Personal information
- Nationality: Australia
- Born: 25 October 1997 (age 28)

Sport
- Club: Hills Districts Athletics Club: Australia

Medal record
Men's athletics
Representing Australia
Paralympic Games
| Gold medal – first place | 2016 Rio | Long jump – T36 |
IPC World Championships
| Bronze medal – third place | 2015 Doha | Long jump – T36 |
| Bronze medal – third place | 2017 London | Long jump – T36 |

= Brayden Davidson =

Australian Paralympic athlete

Brayden Duane Davidson (born 25 October 1997) is an Australian track and field para-athlete who competes mainly in the T36 classification events. He won a bronze medal at the 2015 IPC Athletics World Championships. At the 2016 Rio Paralympics, he won the gold medal in the Men's Long Jump T36.

== Personal ==
Davidson was born on 25 October 1997 and has mild cerebral palsy. He has attended Reynella East College in Adelaide.

== Sporting career ==
In September 2011, Davidson attended an Australian Paralympic Committee talent search day at Santos Stadium. He then qualified for the junior national championships in four events and went on to win a silver in the 400 and a bronze in the long jump, at the junior national championships the year after he won 4 gold medals in the 100m,200m,400m and long jump.

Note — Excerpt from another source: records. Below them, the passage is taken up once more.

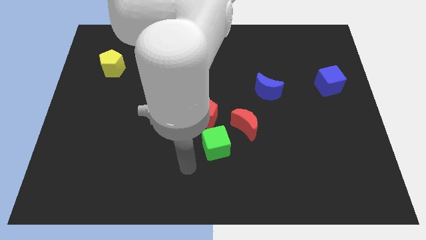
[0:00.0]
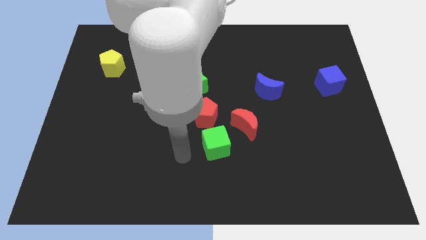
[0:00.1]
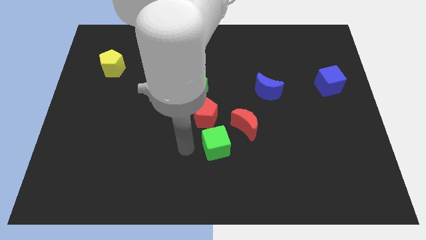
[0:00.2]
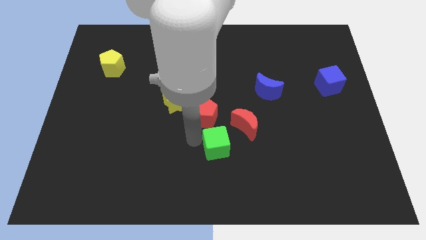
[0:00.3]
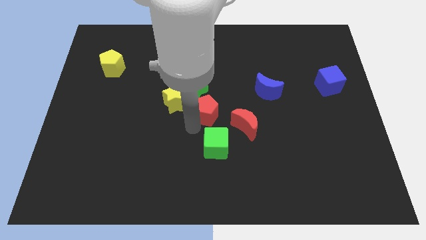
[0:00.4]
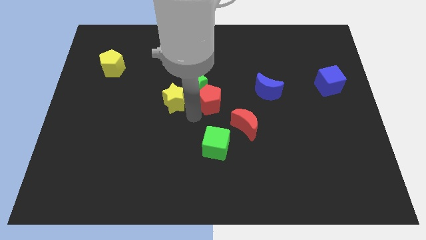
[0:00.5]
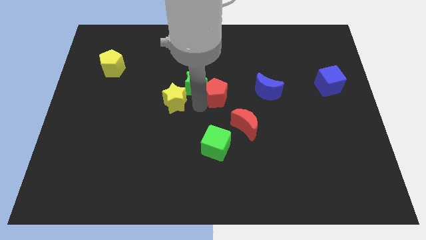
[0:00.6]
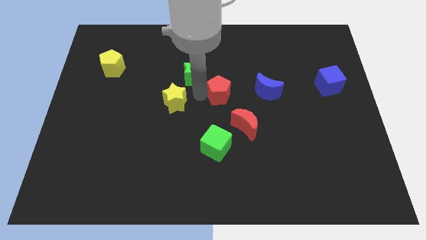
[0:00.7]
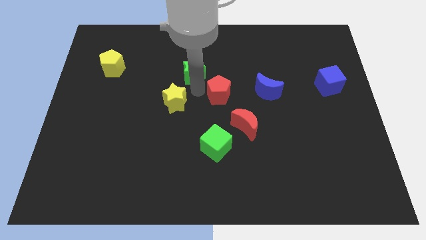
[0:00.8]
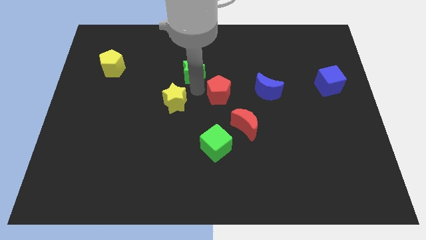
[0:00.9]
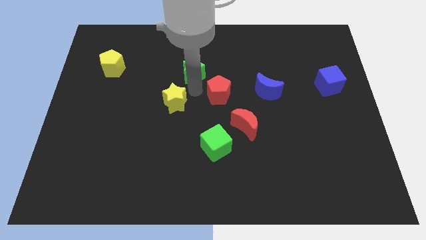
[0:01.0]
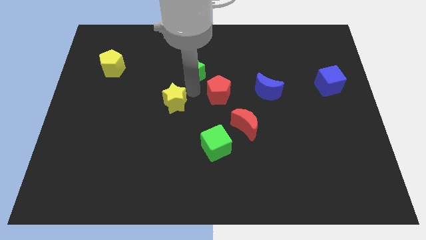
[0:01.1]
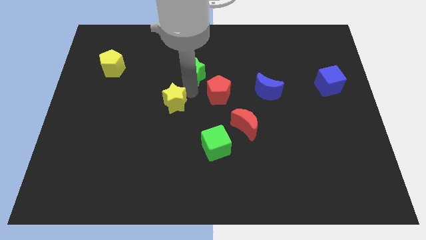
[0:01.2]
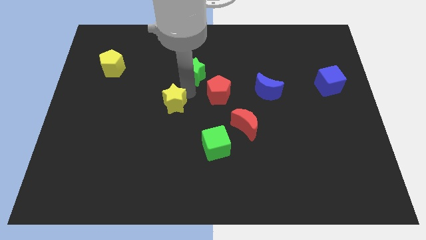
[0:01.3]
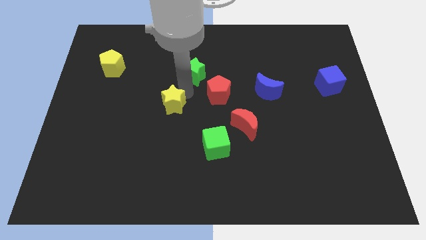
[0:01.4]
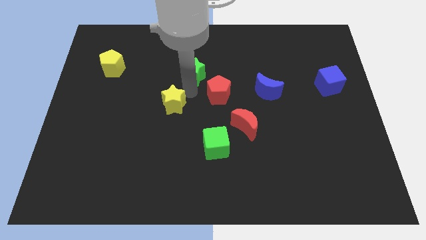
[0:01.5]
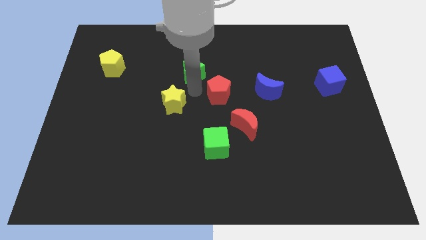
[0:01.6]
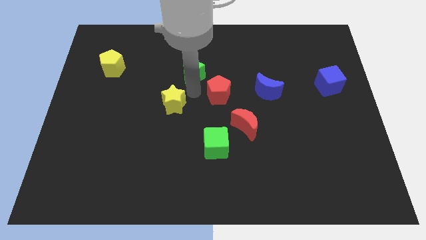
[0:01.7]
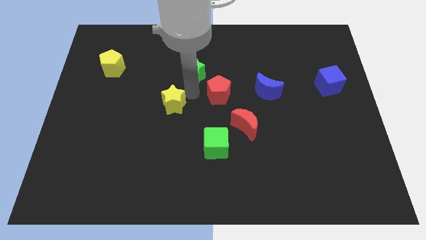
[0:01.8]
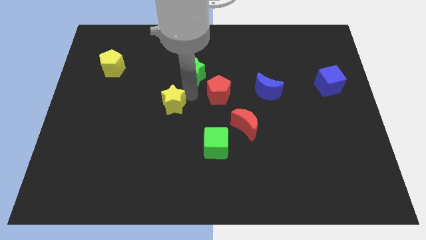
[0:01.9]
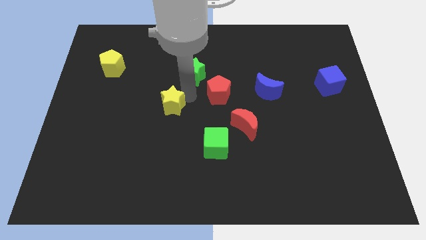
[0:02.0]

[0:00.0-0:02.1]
move the yellow star away from the green star and red pentagon

Davidson was awarded a Talented Athlete Award and a Paralympic Scholarship by the South Australian Sports Institute in 2013.
He then went on to compete in the T36 classification in long jump at the 2013 IPC Athletics World Championships where he came fourth in the finals. Whilst still at the world championships Davidson was selected to compete in the T36 Men's 100m at the Sainsbury's Anniversary Games in London where he came fourth.

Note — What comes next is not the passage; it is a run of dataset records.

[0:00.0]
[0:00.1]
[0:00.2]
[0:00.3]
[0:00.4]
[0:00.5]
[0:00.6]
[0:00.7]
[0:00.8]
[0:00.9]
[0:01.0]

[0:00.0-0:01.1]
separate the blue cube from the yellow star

At the 2014 Australian Athletics Championships held in Melbourne, Davidson won silver in the men's 200m and long jump ambulant events.

In March 2015 Davidson competed at the Australian Junior Athletics Championships held in Sydney. He won gold in long jump, 100m and 400m and achieved a personal best and a new Australian record in the T36 class for long jump. Davidson then went on to win gold and achieved a world record in the men's ambulant long jump at the 2015 Australian Athletics Championships in Brisbane. He also won silver in the men's 200m ambulant and he reached the finals in the men's 100m ambulant event. These results have made him an A-Qualifier for the International Paralympic Committee Athletics World Championships in Doha.
Davidson is now aiming to compete at the 2016 Paralympic Games.

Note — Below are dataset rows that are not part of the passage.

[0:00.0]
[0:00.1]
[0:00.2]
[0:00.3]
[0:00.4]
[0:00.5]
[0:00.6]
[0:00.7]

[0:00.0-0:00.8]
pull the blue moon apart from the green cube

At the 2015 IPC Athletics World Championships in Doha, he won the bronze medal in the Men's Long Jump T36. Davidson dedicated the medal to his grandmother, who encouraged him to become involved in athletics as a child.

Davidson won the gold medal in the Men's Long Jump T36 at the 2016 Rio Paralympics with a jump of 5.62 m, a personal best by 11 cm. He won the gold medal on a count back due to having the second best jump. He dedicated his win to his late grandparents who were central to his pursuit of para-sport. He was awarded the Order of Australia Medal in 2017.

At the 2017 World Para Athletics Championships in London, England, Davidson won the bronze medal in the Men's Long Jump T36 with a leap of 5.39m (+0.2). He finished eight in the Men's 100 T36 (13.29s (+0.1).

He is coached by Lynn Larsen.

==Recognition==
- 2015 – South Australian Sports Institute Athlete with a Disability
- 2016 – South Australian Sports Institute Athlete with a Disability and Elite Athlete with a Disability of the Year at the Advertiser/Channel 7 Sport Star of the Year awards
- 2017 - Elite Athlete with a Disability of the Year at the Advertiser/Channel 7 Sport Star of the Year.